_Work to complete_. Could you copy the records below exactly, leaving out any pictures?

[Extracted records]
━━━━━━━━━━━━━━━━━━━━

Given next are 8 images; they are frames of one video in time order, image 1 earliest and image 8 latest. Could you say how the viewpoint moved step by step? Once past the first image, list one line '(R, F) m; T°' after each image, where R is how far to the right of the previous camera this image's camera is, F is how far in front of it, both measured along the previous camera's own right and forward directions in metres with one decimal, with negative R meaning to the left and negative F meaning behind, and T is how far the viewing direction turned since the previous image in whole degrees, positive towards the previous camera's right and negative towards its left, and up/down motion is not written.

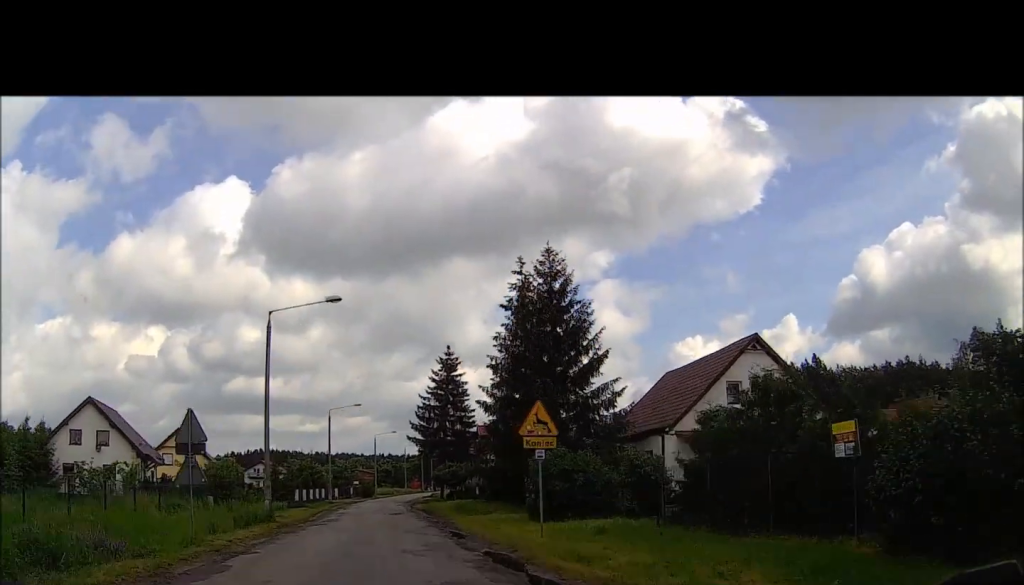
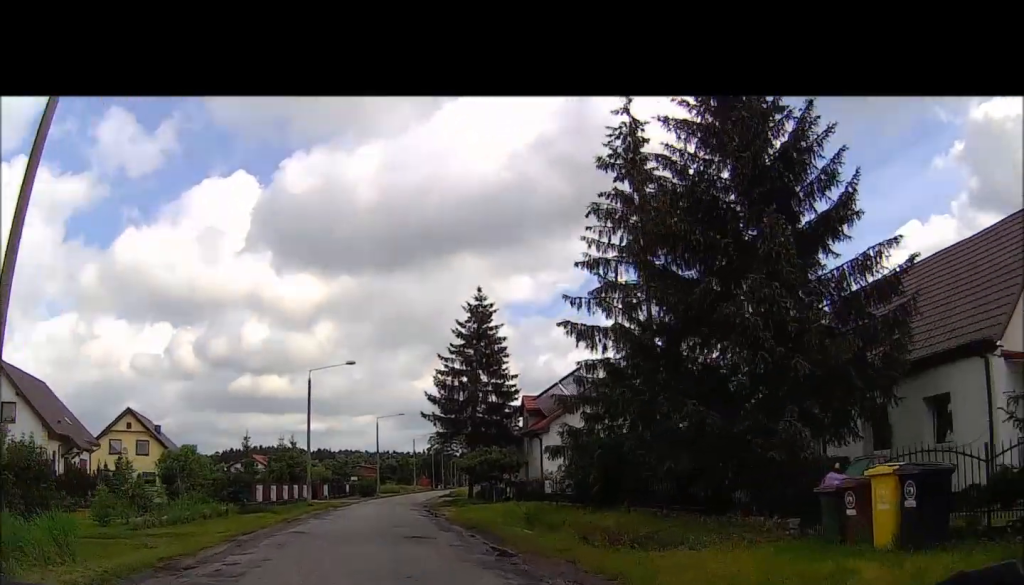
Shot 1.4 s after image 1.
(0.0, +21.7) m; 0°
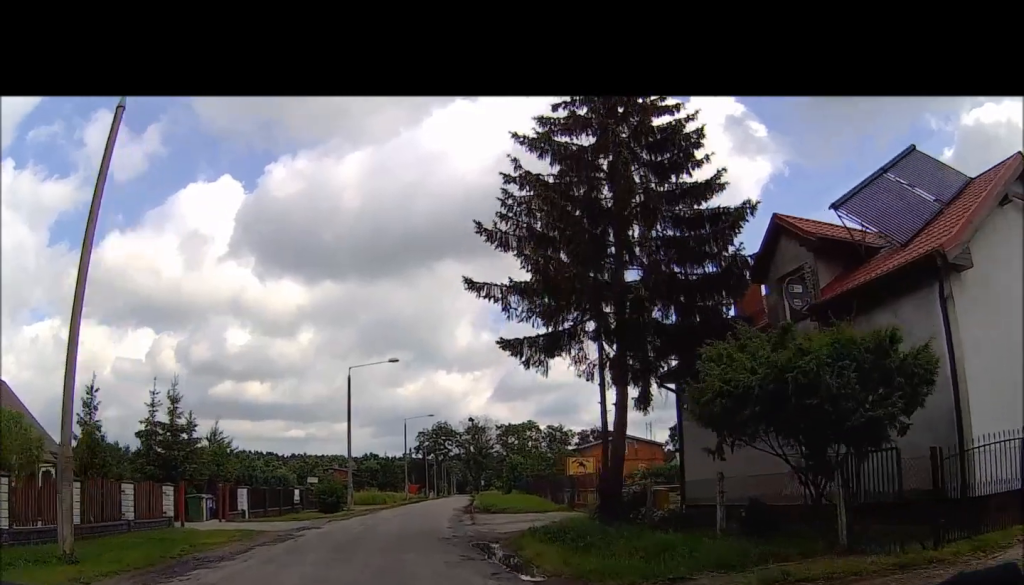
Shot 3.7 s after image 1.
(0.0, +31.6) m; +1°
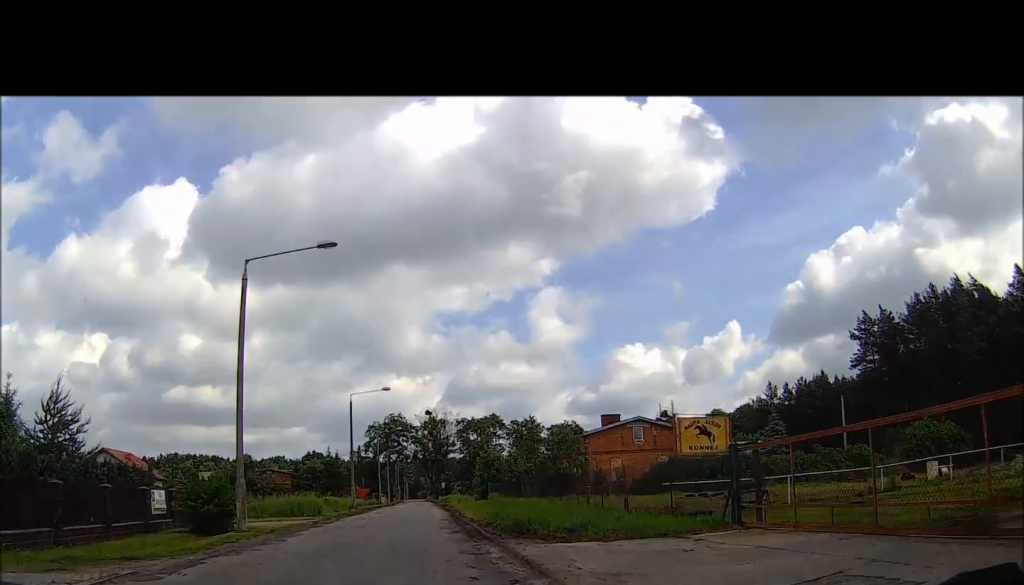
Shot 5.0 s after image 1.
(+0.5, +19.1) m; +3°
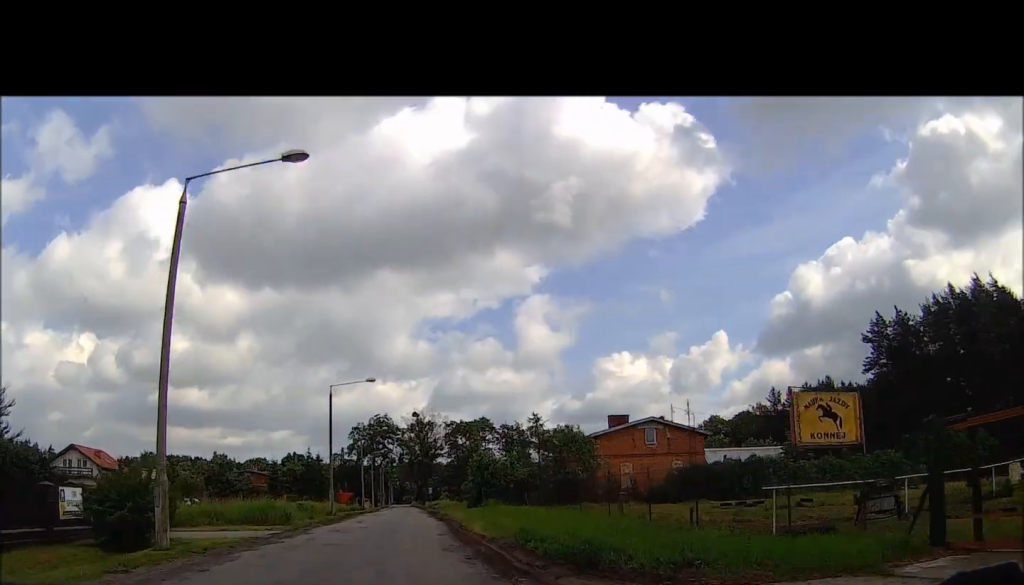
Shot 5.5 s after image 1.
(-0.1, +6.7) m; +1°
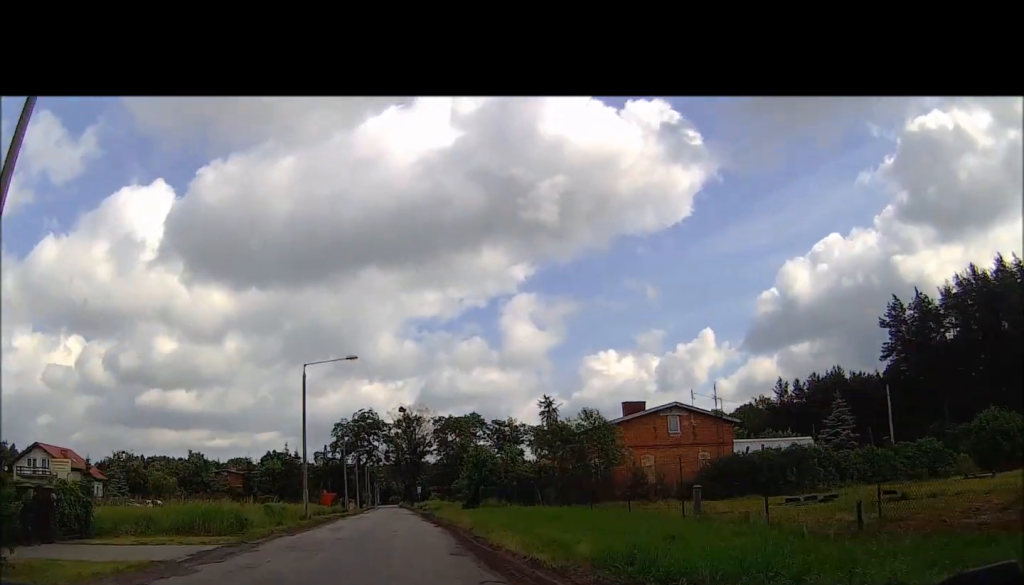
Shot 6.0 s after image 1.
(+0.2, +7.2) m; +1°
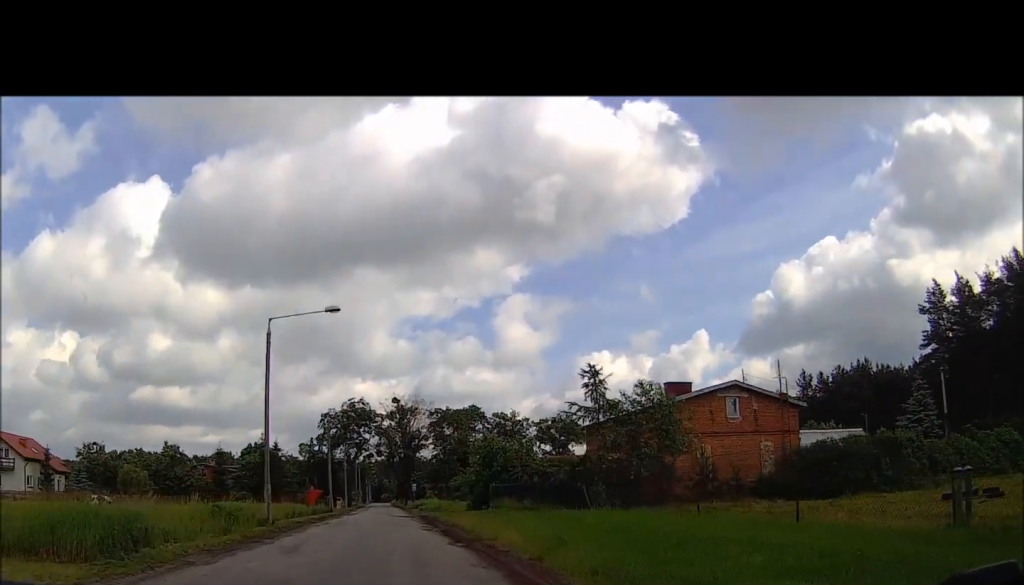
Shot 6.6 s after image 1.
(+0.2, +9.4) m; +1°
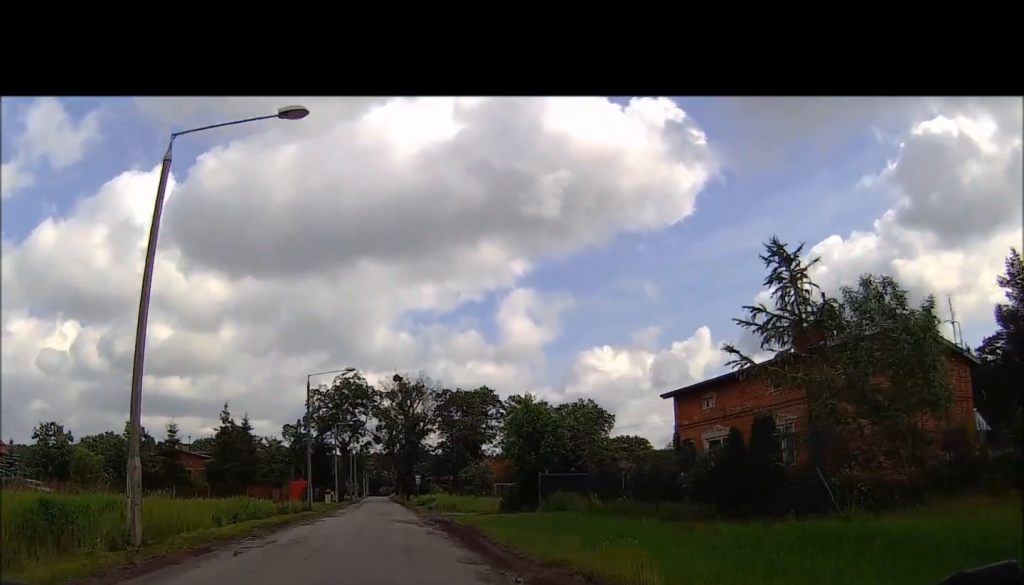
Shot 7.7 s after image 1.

━━━━━━━━━━━━━━━━━━━━

_Written solution_.
Given next are 8 images; they are frames of one video in time order, image 1 earliest and image 8 latest. Could you say how the viewpoint moved step by step? Once past the first image, list one line '(R, F) m; T°' after each image, where R is how far to the right of the previous camera this image's camera is, F is how far in front of it, both measured along the previous camera's own right and forward directions in metres with one decimal, with negative R meaning to the left and negative F meaning behind, and T is how far the viewing direction turned since the previous image in whole degrees, positive towards the previous camera's right and negative towards its left, and up/down motion is not written.

Shot 1.4 s after image 1.
(0.0, +21.7) m; 0°
Shot 3.7 s after image 1.
(0.0, +31.6) m; +1°
Shot 5.0 s after image 1.
(+0.5, +19.1) m; +3°
Shot 5.5 s after image 1.
(-0.1, +6.7) m; +1°
Shot 6.0 s after image 1.
(+0.2, +7.2) m; +1°
Shot 6.6 s after image 1.
(+0.2, +9.4) m; +1°
Shot 7.7 s after image 1.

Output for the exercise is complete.